Conversation couples shouldn't start.
It is a beautiful Monday morning, it was a long night for me because I sleep off while watching the Africa Cup of Nations final last night and didn't wake up until almost 7 am this morning. I woke up to know that Senegal won the competition with the penalty shootout, I wish for Salah to take the crown but I guess the best legs won.
I appreciate one of us here who checked up on me because I haven't been consistent lately, I have a lot on my table right now and it is hard to manage time since my health dropped again lately but as long as the platform is here, I won't hesitate to cook up an article when I am free and good to do that.
A relationship is beautiful but tricky as well and feelings can turn sour in the twinkle of an eye with even an ordinary discussion, a lot of people have misunderstood the meaning of transparency in relationships which has made lots of relationships have trust issues while some even meet with their end.

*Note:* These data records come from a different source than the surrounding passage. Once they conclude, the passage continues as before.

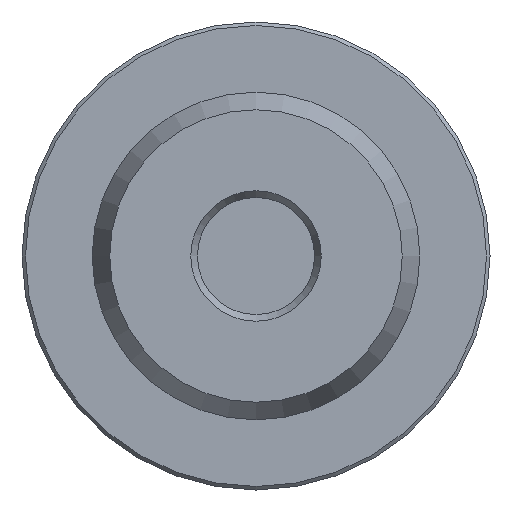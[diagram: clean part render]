
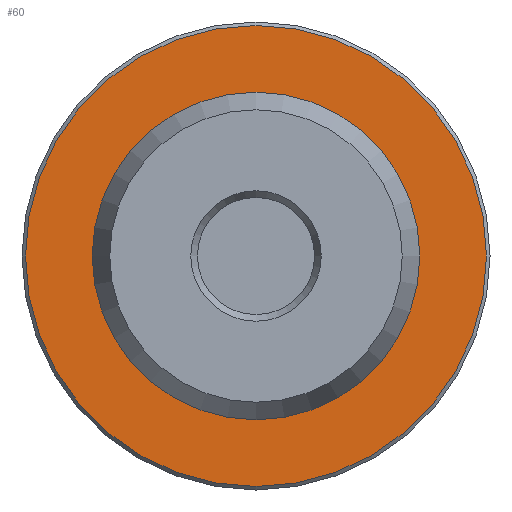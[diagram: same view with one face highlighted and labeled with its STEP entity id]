
A CAD part, left-side view. The second image highlights one B-rep face of the part: STEP entity #60.
In plain terms, the highlighted planar face has unit normal (-1, 0, 0).
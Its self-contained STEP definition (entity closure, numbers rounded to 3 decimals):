
#60 = ADVANCED_FACE( '', ( #130, #131 ), #132, .T. );
#130 = FACE_OUTER_BOUND( '', #203, .T. );
#131 = FACE_BOUND( '', #204, .T. );
#132 = PLANE( '', #205 );
#203 = EDGE_LOOP( '', ( #518 ) );
#204 = EDGE_LOOP( '', ( #519 ) );
#205 = AXIS2_PLACEMENT_3D( '', #520, #521, #522 );
#518 = ORIENTED_EDGE( '', *, *, #597, .T. );
#519 = ORIENTED_EDGE( '', *, *, #599, .F. );
#520 = CARTESIAN_POINT( '', ( -8.5, 0., 14. ) );
#521 = DIRECTION( '', ( -1., 0., 0. ) );
#522 = DIRECTION( '', ( 0., 0., 1. ) );
#597 = EDGE_CURVE( '', #651, #651, #652, .T. );
#599 = EDGE_CURVE( '', #654, #654, #655, .T. );
#651 = VERTEX_POINT( '', #721 );
#652 = CIRCLE( '', #722, 19.7 );
#654 = VERTEX_POINT( '', #724 );
#655 = CIRCLE( '', #725, 14. );
#721 = CARTESIAN_POINT( '', ( -8.5, 0., 19.7 ) );
#722 = AXIS2_PLACEMENT_3D( '', #1036, #1037, #1038 );
#724 = CARTESIAN_POINT( '', ( -8.5, 0., 14. ) );
#725 = AXIS2_PLACEMENT_3D( '', #1039, #1040, #1041 );
#1036 = CARTESIAN_POINT( '', ( -8.5, 0., 0. ) );
#1037 = DIRECTION( '', ( -1., 0., 0. ) );
#1038 = DIRECTION( '', ( 0., 0., 1. ) );
#1039 = CARTESIAN_POINT( '', ( -8.5, 0., 0. ) );
#1040 = DIRECTION( '', ( -1., 0., 0. ) );
#1041 = DIRECTION( '', ( 0., 0., 1. ) );
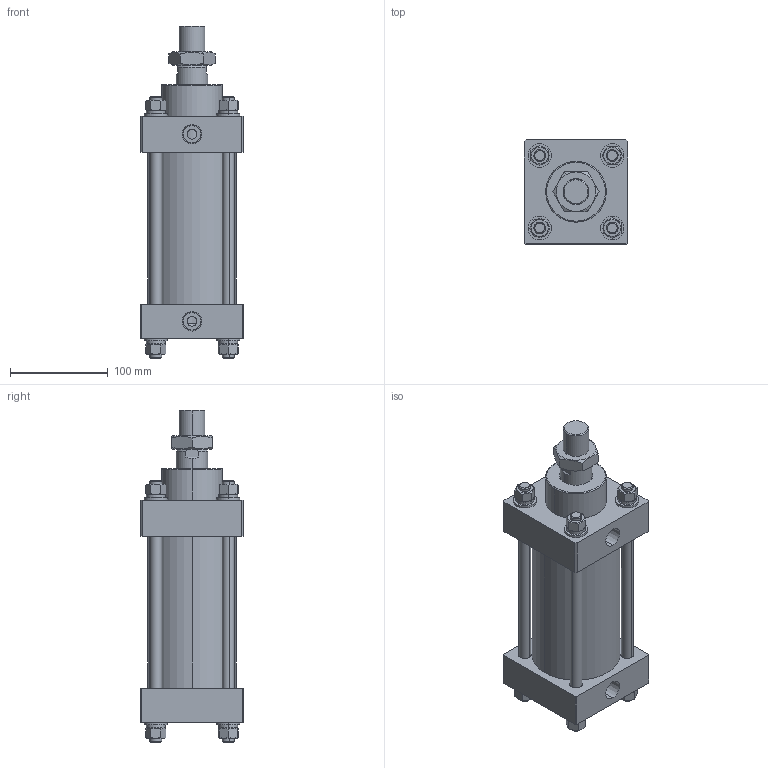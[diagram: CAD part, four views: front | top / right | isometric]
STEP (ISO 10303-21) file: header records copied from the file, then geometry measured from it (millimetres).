
FILE_DESCRIPTION (( 'STEP AP203' ), '1' );
FILE_NAME ('MOB-80-32-100.STEP', '2021-04-28T03:44:44', ( '微软用户' ), ( '微软中国' ), 'SwSTEP 2.0', 'SolidWorks 2012', '' );
FILE_SCHEMA (( 'CONFIG_CONTROL_DESIGN' ));
Length unit declared in the file: millimetre
Products named in the file (10): MOB-80-32-100; hex thin nuts-grades ab-chamfered gb_GB_FASTENER_NUT_STNAB  B M27-N; hex nuts 1-fine pitch-grades ab gb_GB_FASTENER_NUT_SNAB1XY M12X1.5-N; spring lock washers--normal type gb_GB_FASTENER_WASHER_SW 12; plain washers--product grade c gb_GB_FASTENER_WASHER_SMWC 12; MOB-80-32-100嶺裝; MOB-80-32-100活塞杆; MOB-80-32-100綴裔; MOB-80-32-100掛极; MOB-80-32-100前盖
Assembly tree (33 placements, depth 2):
  MOB-80-32-100
    MOB-80-32-100前盖
    MOB-80-32-100掛极
    MOB-80-32-100綴裔
    MOB-80-32-100活塞杆
    MOB-80-32-100嶺裝  x4
    plain washers--product grade c gb_GB_FASTENER_WASHER_SMWC 12  x8
    spring lock washers--normal type gb_GB_FASTENER_WASHER_SW 12  x8
    hex nuts 1-fine pitch-grades ab gb_GB_FASTENER_NUT_SNAB1XY M12X1.5-N  x8
    hex thin nuts-grades ab-chamfered gb_GB_FASTENER_NUT_STNAB  B M27-N
Bounding box: 106 x 106 x 339 mm (x, y, z)
Volume: 1490154.6 mm3; surface area: 307250.6 mm2
Topology: 33 solids, 33 shells, 445 faces, 988 edges, 620 vertices
Faces by surface type: plane 168, cylinder 154, cone 109, torus 14
Entity records: 7428 total; most frequent: CARTESIAN_POINT 1372, DIRECTION 1010, ORIENTED_EDGE 828, AXIS2_PLACEMENT_3D 418, EDGE_CURVE 414, VERTEX_POINT 260, EDGE_LOOP 224, CIRCLE 199
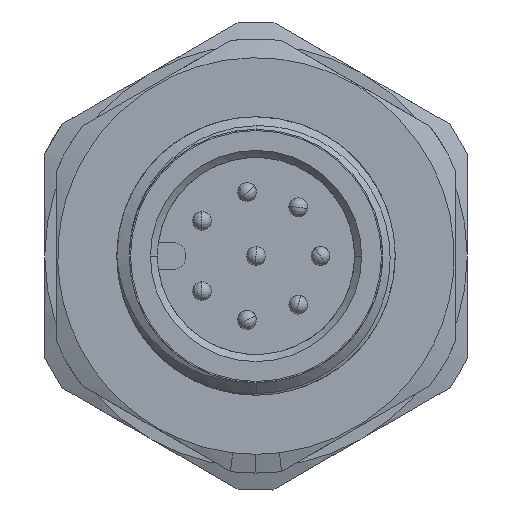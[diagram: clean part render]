
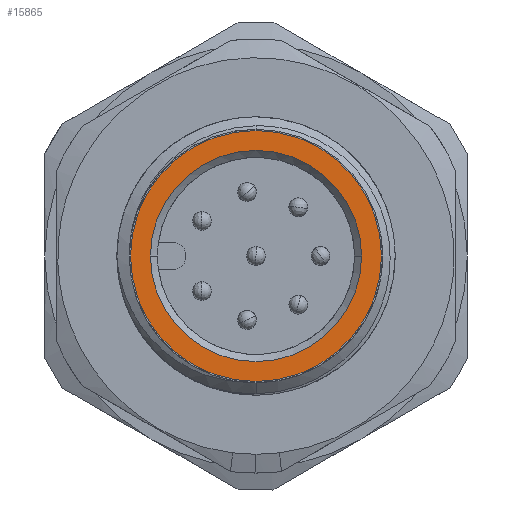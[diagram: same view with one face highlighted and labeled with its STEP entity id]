
A CAD part, left-side view. The second image highlights one B-rep face of the part: STEP entity #15865.
In plain terms, the highlighted face is planar.
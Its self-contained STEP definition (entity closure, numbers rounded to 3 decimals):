
#28 = DIRECTION ( 'NONE',  ( 0., -1., 0. ) ) ;
#250 = DIRECTION ( 'NONE',  ( 0., -1., 0. ) ) ;
#712 = ORIENTED_EDGE ( 'NONE', *, *, #11447, .F. ) ;
#892 = DIRECTION ( 'NONE',  ( -1., 0., 0. ) ) ;
#1019 = DIRECTION ( 'NONE',  ( 0., -1., 0. ) ) ;
#1084 = DIRECTION ( 'NONE',  ( 1., 0., 0. ) ) ;
#1722 = DIRECTION ( 'NONE',  ( -1., 0., 0. ) ) ;
#2180 = VERTEX_POINT ( 'NONE', #24125 ) ;
#2382 = AXIS2_PLACEMENT_3D ( 'NONE', #15735, #1019, #26579 ) ;
#3452 = AXIS2_PLACEMENT_3D ( 'NONE', #21213, #250, #17509 ) ;
#3959 = CARTESIAN_POINT ( 'NONE',  ( 3.456, 12.212, 23.703 ) ) ;
#4930 = AXIS2_PLACEMENT_3D ( 'NONE', #6431, #28, #1722 ) ;
#5331 = ORIENTED_EDGE ( 'NONE', *, *, #7625, .F. ) ;
#6431 = CARTESIAN_POINT ( 'NONE',  ( -1.894, 12.212, 23.703 ) ) ;
#7384 = CARTESIAN_POINT ( 'NONE',  ( -1.894, 12.212, 23.703 ) ) ;
#7625 = EDGE_CURVE ( 'NONE', #25938, #2180, #15849, .T. ) ;
#7662 = DIRECTION ( 'NONE',  ( 0., -1., 0. ) ) ;
#8218 = VERTEX_POINT ( 'NONE', #19328 ) ;
#10000 = CIRCLE ( 'NONE', #22300, 5.35 ) ;
#10930 = AXIS2_PLACEMENT_3D ( 'NONE', #7384, #7662, #1084 ) ;
#11447 = EDGE_CURVE ( 'NONE', #2180, #25938, #10000, .T. ) ;
#12167 = EDGE_CURVE ( 'NONE', #16569, #8218, #15485, .T. ) ;
#13377 = EDGE_LOOP ( 'NONE', ( #22355, #13405 ) ) ;
#13405 = ORIENTED_EDGE ( 'NONE', *, *, #12167, .T. ) ;
#14936 = EDGE_CURVE ( 'NONE', #8218, #16569, #17146, .T. ) ;
#15485 = CIRCLE ( 'NONE', #10930, 4.5 ) ;
#15735 = CARTESIAN_POINT ( 'NONE',  ( -1.894, 12.212, 23.703 ) ) ;
#15849 = CIRCLE ( 'NONE', #4930, 5.35 ) ;
#15865 = ADVANCED_FACE ( 'NONE', ( #26875, #20006 ), #24723, .F. ) ;
#16299 = CARTESIAN_POINT ( 'NONE',  ( -1.894, 12.212, 23.703 ) ) ;
#16569 = VERTEX_POINT ( 'NONE', #24098 ) ;
#17146 = CIRCLE ( 'NONE', #3452, 4.5 ) ;
#17509 = DIRECTION ( 'NONE',  ( 1., 0., 0. ) ) ;
#18725 = DIRECTION ( 'NONE',  ( 0., -1., 0. ) ) ;
#19328 = CARTESIAN_POINT ( 'NONE',  ( 2.606, 12.212, 23.703 ) ) ;
#20006 = FACE_OUTER_BOUND ( 'NONE', #27087, .T. ) ;
#21213 = CARTESIAN_POINT ( 'NONE',  ( -1.894, 12.212, 23.703 ) ) ;
#22300 = AXIS2_PLACEMENT_3D ( 'NONE', #16299, #18725, #892 ) ;
#22355 = ORIENTED_EDGE ( 'NONE', *, *, #14936, .T. ) ;
#24098 = CARTESIAN_POINT ( 'NONE',  ( -6.394, 12.212, 23.703 ) ) ;
#24125 = CARTESIAN_POINT ( 'NONE',  ( -7.244, 12.212, 23.703 ) ) ;
#24723 = PLANE ( 'NONE',  #2382 ) ;
#25938 = VERTEX_POINT ( 'NONE', #3959 ) ;
#26579 = DIRECTION ( 'NONE',  ( 0., 0., -1. ) ) ;
#26875 = FACE_BOUND ( 'NONE', #13377, .T. ) ;
#27087 = EDGE_LOOP ( 'NONE', ( #712, #5331 ) ) ;
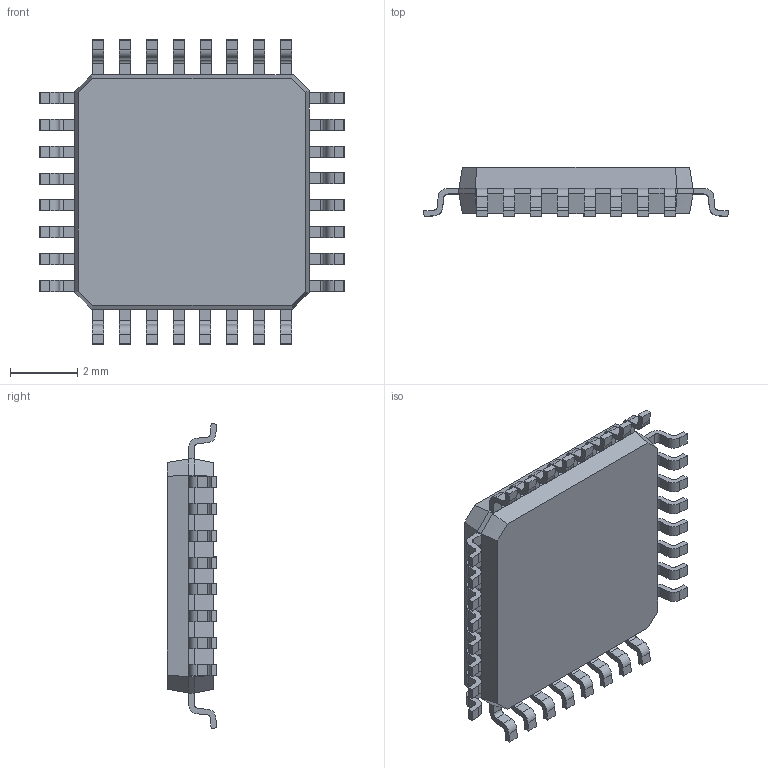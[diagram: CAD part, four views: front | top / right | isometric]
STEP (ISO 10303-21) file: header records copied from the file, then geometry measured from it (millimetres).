
FILE_DESCRIPTION (( 'STEP AP214' ), '1' );
FILE_NAME ('User Library-sot358-1.STEP', '2010-10-19T02:40:51', ( 'sysAdmin' ), ( 'SolidWorks' ), 'SwSTEP 2.0', 'SolidWorks 2010', '' );
FILE_SCHEMA (( 'AUTOMOTIVE_DESIGN' ));
Length unit declared in the file: millimetre
Products named in the file (34): User Library-sot358-1_14_1; User Library-sot358-1_13_1; User Library-sot358-1_3_1; User Library-sot358-1_11_1; User Library-sot358-1_10_1; User Library-sot358-1_12_1; User Library-sot358-1_9_1; User Library-sot358-1_8_1; User Library-sot358-1_4_1; User Library-sot358-1_7_1; User Library-sot358-1_6_1; User Library-sot358-1_15_1; User Library-sot358-1_5_1; User Library-sot358-1_33_1; User Library-sot358-1_32_1; User Library-sot358-1_31_1; User Library-sot358-1_30_1; User Library-sot358-1_29_1; User Library-sot358-1_28_1; User Library-sot358-1_27_1; User Library-sot358-1_26_1; User Library-sot358-1_22_1; User Library-sot358-1_21_1; User Library-sot358-1_20_1; User Library-sot358-1_25_1; User Library-sot358-1_24_1; User Library-sot358-1_23_1; User Library-sot358-1_19_1; User Library-sot358-1_18_1; User Library-sot358-1_17_1; User Library-sot358-1_16_1; User Library-sot358-1_2_1; User Library-sot358-1_1_1; User Library-sot358-1
Assembly tree (33 placements, depth 2):
  User Library-sot358-1
    User Library-sot358-1_26_1
    User Library-sot358-1_30_1
    User Library-sot358-1_7_1
    User Library-sot358-1_2_1
    User Library-sot358-1_31_1
    User Library-sot358-1_29_1
    User Library-sot358-1_8_1
    User Library-sot358-1_3_1
    User Library-sot358-1_24_1
    User Library-sot358-1_19_1
    User Library-sot358-1_14_1
    User Library-sot358-1_18_1
    User Library-sot358-1_6_1
    User Library-sot358-1_11_1
    User Library-sot358-1_33_1
    User Library-sot358-1_9_1
    User Library-sot358-1_28_1
    User Library-sot358-1_4_1
    User Library-sot358-1_15_1
    User Library-sot358-1_16_1
    User Library-sot358-1_20_1
    User Library-sot358-1_25_1
    User Library-sot358-1_12_1
    User Library-sot358-1_17_1
    User Library-sot358-1_32_1
    User Library-sot358-1_27_1
    User Library-sot358-1_5_1
    User Library-sot358-1_1_1
    User Library-sot358-1_21_1
    User Library-sot358-1_13_1
    User Library-sot358-1_23_1
    User Library-sot358-1_10_1
    User Library-sot358-1_22_1
Bounding box: 9.08 x 1.47 x 9.08 mm (x, y, z)
Volume: 67.1 mm3; surface area: 179 mm2
Topology: 33 solids, 33 shells, 485 faces, 1238 edges, 820 vertices
Faces by surface type: plane 341, cylinder 138, bspline 6
Entity records: 21481 total; most frequent: CARTESIAN_POINT 2669, DIRECTION 2544, ORIENTED_EDGE 2476, EDGE_CURVE 1238, VECTOR 962, LINE 962, VERTEX_POINT 820, AXIS2_PLACEMENT_3D 791

It is good to be transparent in our love life but there are things that your spouse shouldn't know, before you make up your mind on the things that your spouse shouldn't know then you must have understood your spouse's behavior very well.
I doubt if there are people who still go into relationships without knowing their spouse too well, love was once blind but it now seems very clear.
During my school days, there was this guy that comes with a vehicle but doesn't help anyone despite having lots of us who went in his direction. One day we insisted on following him and he had no choice and he begged everyone not to drop or forget anything in the car. He further told us why and I understood the fact that the wife is either overprotective, the jealous type, or someone who doesn't have this full trust for her husband.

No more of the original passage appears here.